_Work to be completed:_ An exact repetition of the data is required; no picture should appear in it.

(Collection entries)
◇ ◇ ◇
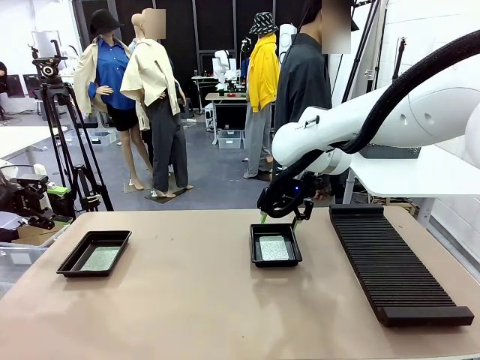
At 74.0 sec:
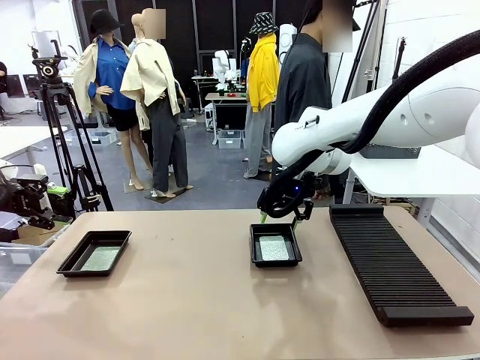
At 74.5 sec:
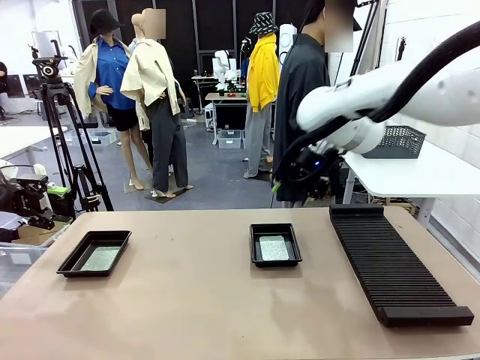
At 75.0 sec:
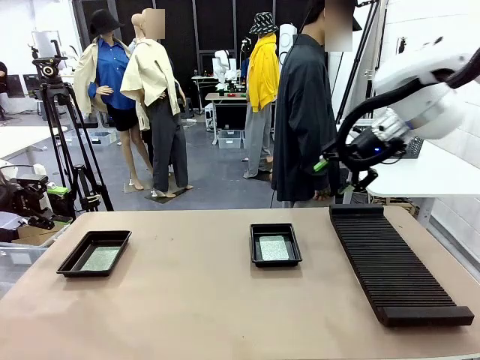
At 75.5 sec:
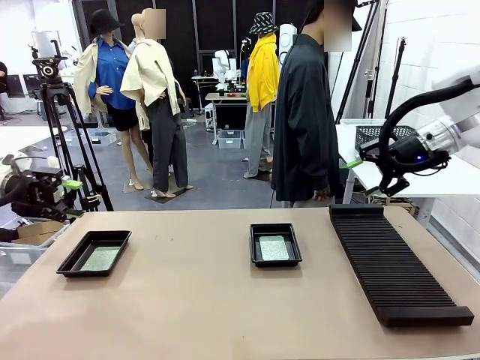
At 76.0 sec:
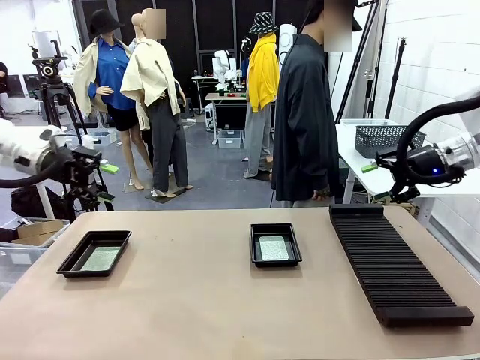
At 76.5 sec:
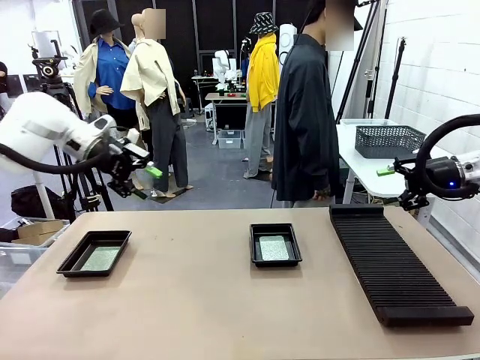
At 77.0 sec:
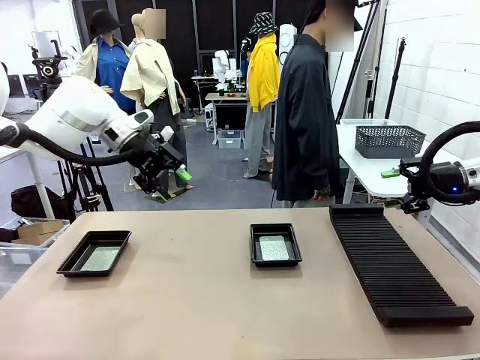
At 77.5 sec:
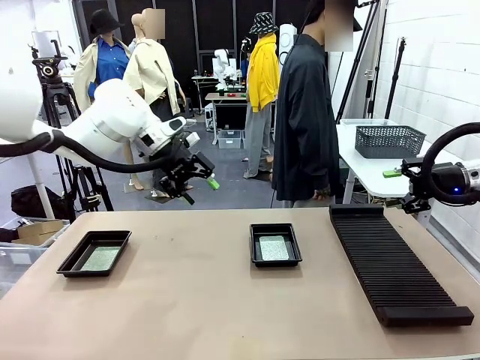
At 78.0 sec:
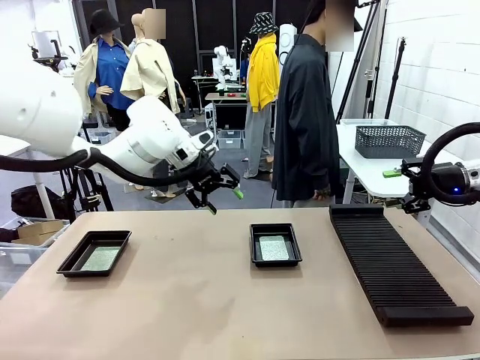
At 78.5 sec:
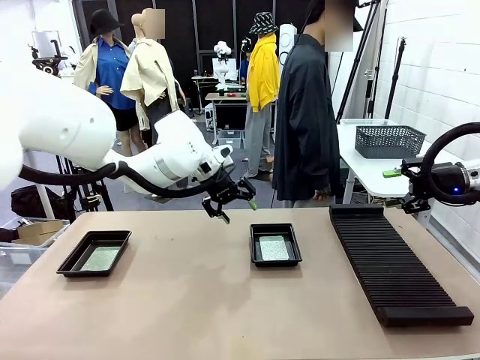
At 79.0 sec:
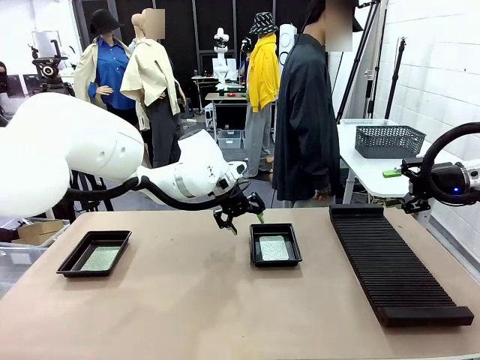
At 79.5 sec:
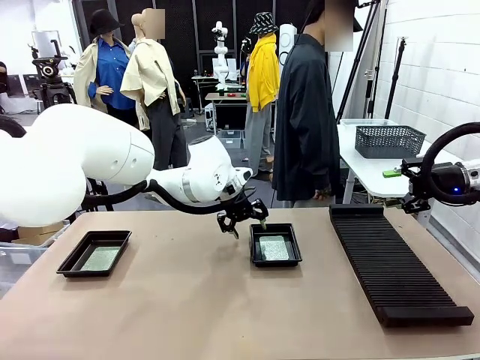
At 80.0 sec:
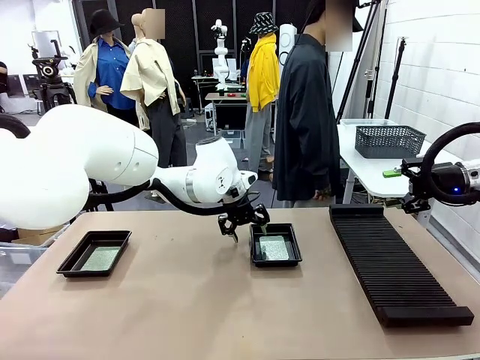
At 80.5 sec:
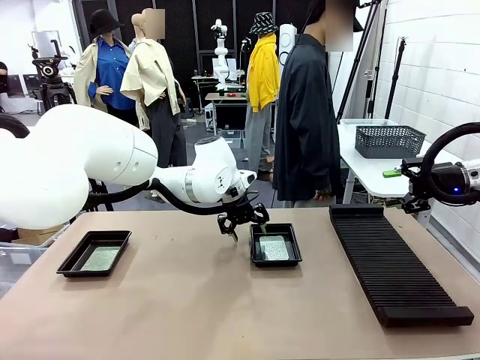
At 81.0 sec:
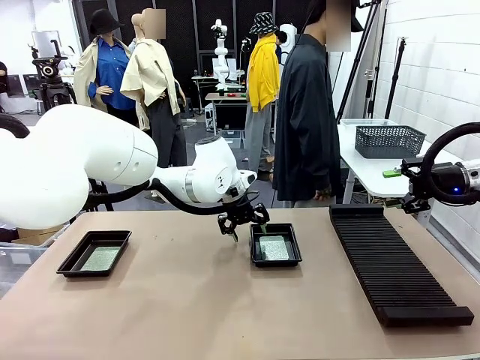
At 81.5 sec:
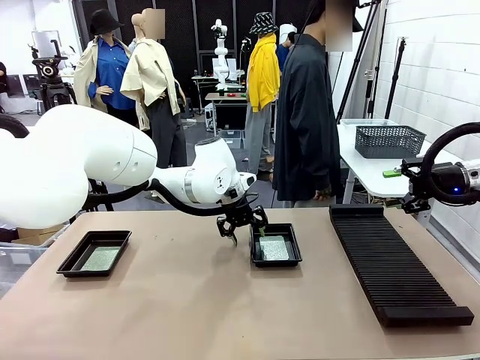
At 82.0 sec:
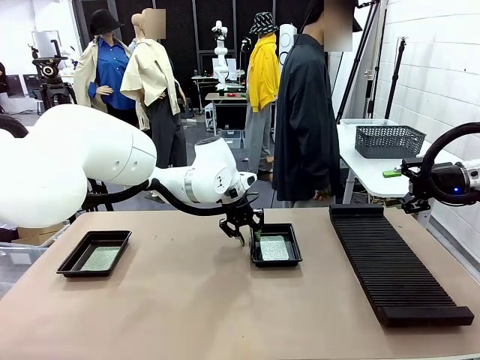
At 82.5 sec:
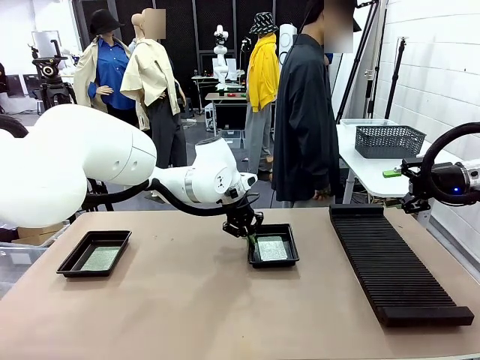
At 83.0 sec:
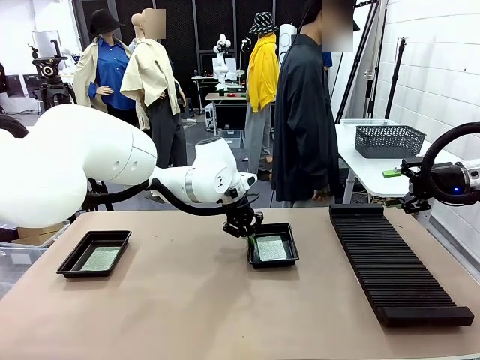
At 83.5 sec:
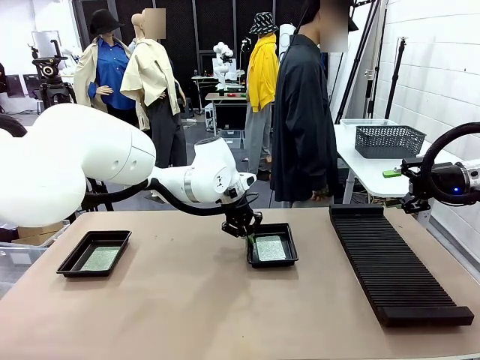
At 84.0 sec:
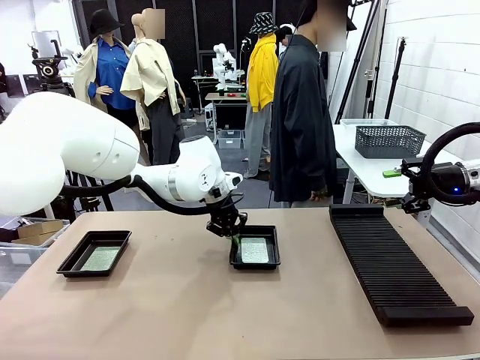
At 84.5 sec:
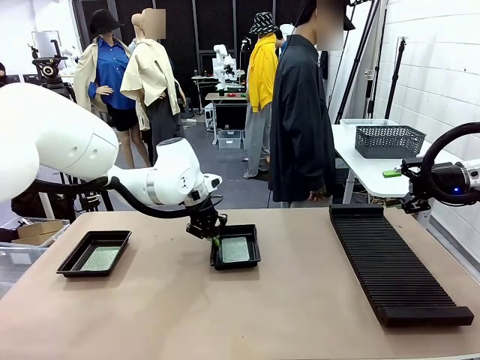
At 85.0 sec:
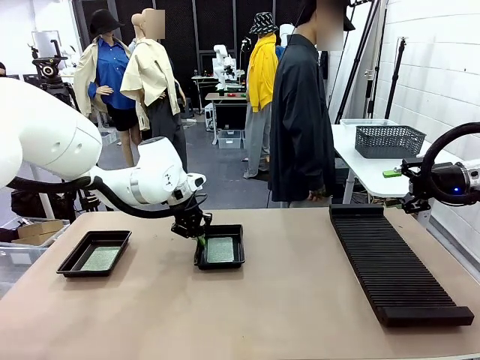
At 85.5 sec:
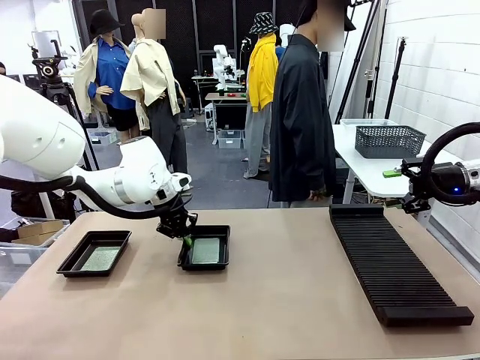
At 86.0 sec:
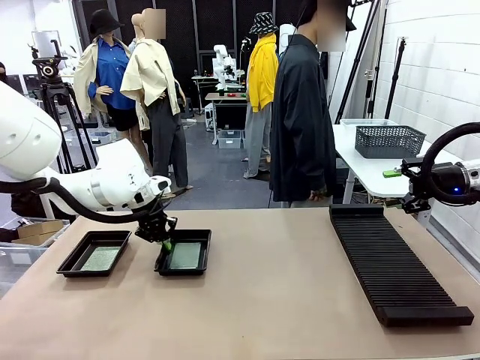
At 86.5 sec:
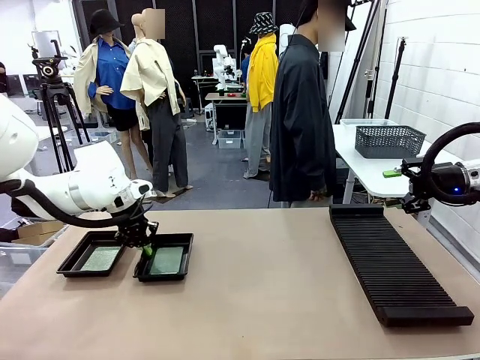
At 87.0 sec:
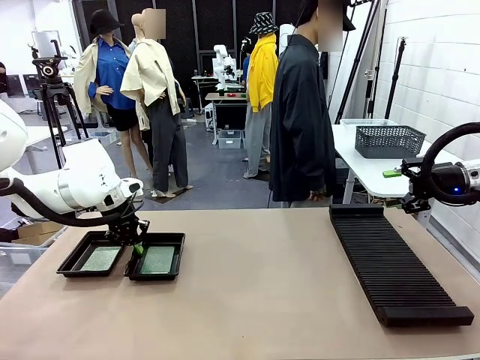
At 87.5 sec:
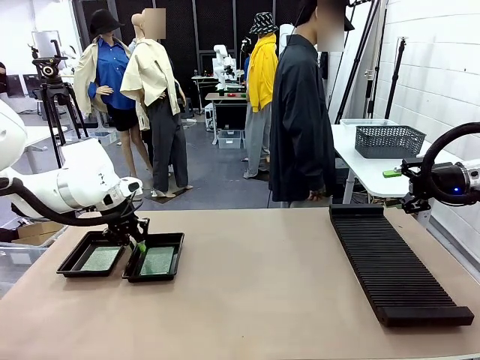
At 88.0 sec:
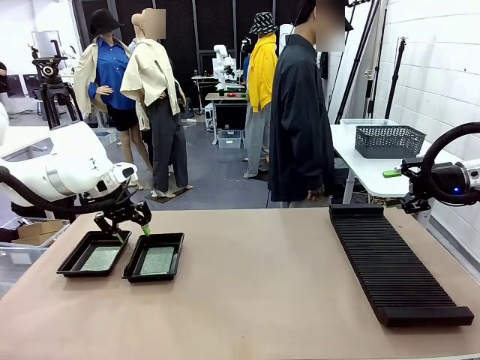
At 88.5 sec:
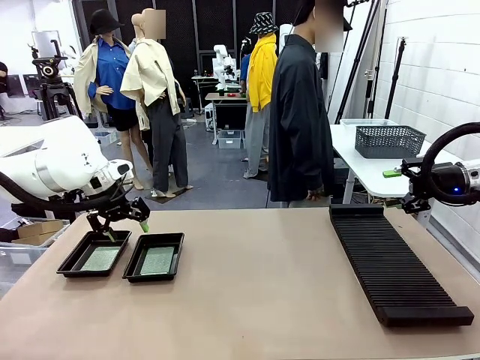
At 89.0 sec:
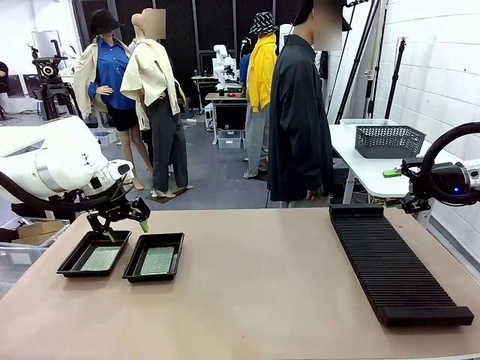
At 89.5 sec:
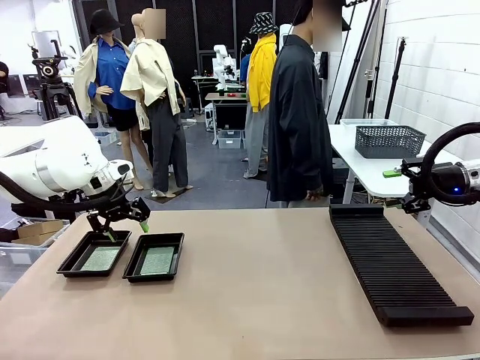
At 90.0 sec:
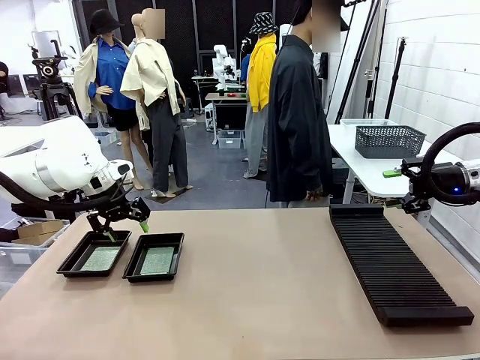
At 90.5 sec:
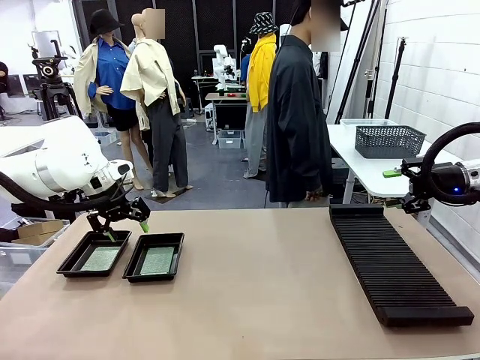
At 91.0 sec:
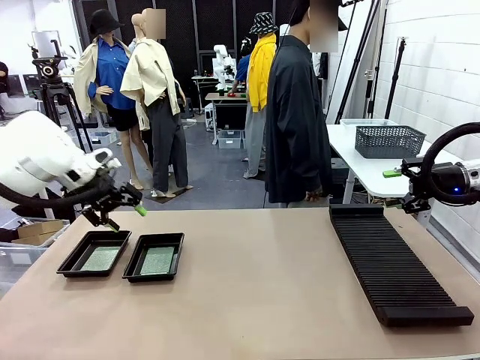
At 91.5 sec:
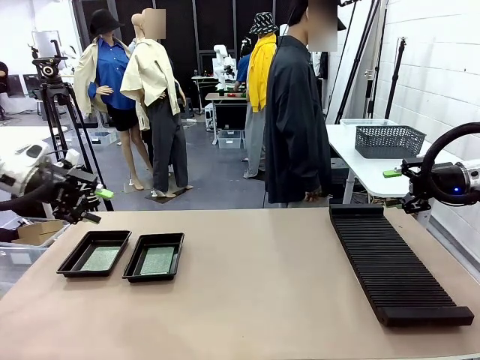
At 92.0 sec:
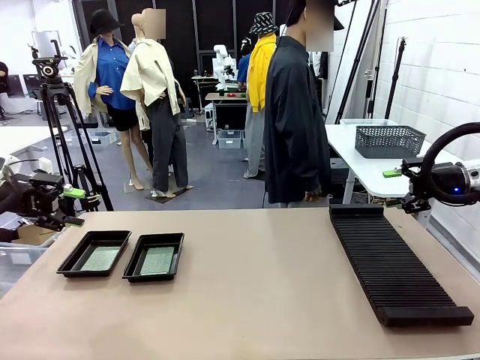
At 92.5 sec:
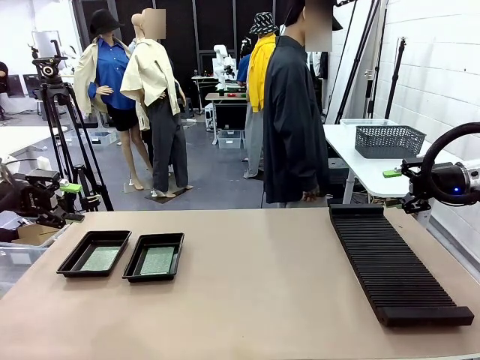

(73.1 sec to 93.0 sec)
Task: Inspect and transfer BCBs to ESD trays.
Robot: Pick up the ESD tray and place it on the left side of the table.
◇ ◇ ◇
_Response to this task:_
At 74.0 sec:
At 74.5 sec:
At 75.0 sec:
At 75.5 sec:
At 76.0 sec:
At 76.5 sec:
At 77.0 sec:
At 77.5 sec:
At 78.0 sec:
At 78.5 sec:
At 79.0 sec:
At 79.5 sec:
At 80.0 sec:
At 80.5 sec:
At 81.0 sec:
At 81.5 sec:
At 82.0 sec:
At 82.5 sec:
At 83.0 sec:
At 83.5 sec:
At 84.0 sec:
At 84.5 sec:
At 85.0 sec:
At 85.5 sec:
At 86.0 sec:
At 86.5 sec:
At 87.0 sec:
At 87.5 sec:
At 88.0 sec:
At 88.5 sec:
At 89.0 sec:
At 89.5 sec:
At 90.0 sec:
At 90.5 sec:
At 91.0 sec:
At 91.5 sec:
At 92.0 sec:
At 92.5 sec:

(73.1 sec to 93.0 sec)
Task: Inspect and transfer BCBs to ESD trays.
Robot: Pick up the ESD tray and place it on the left side of the table.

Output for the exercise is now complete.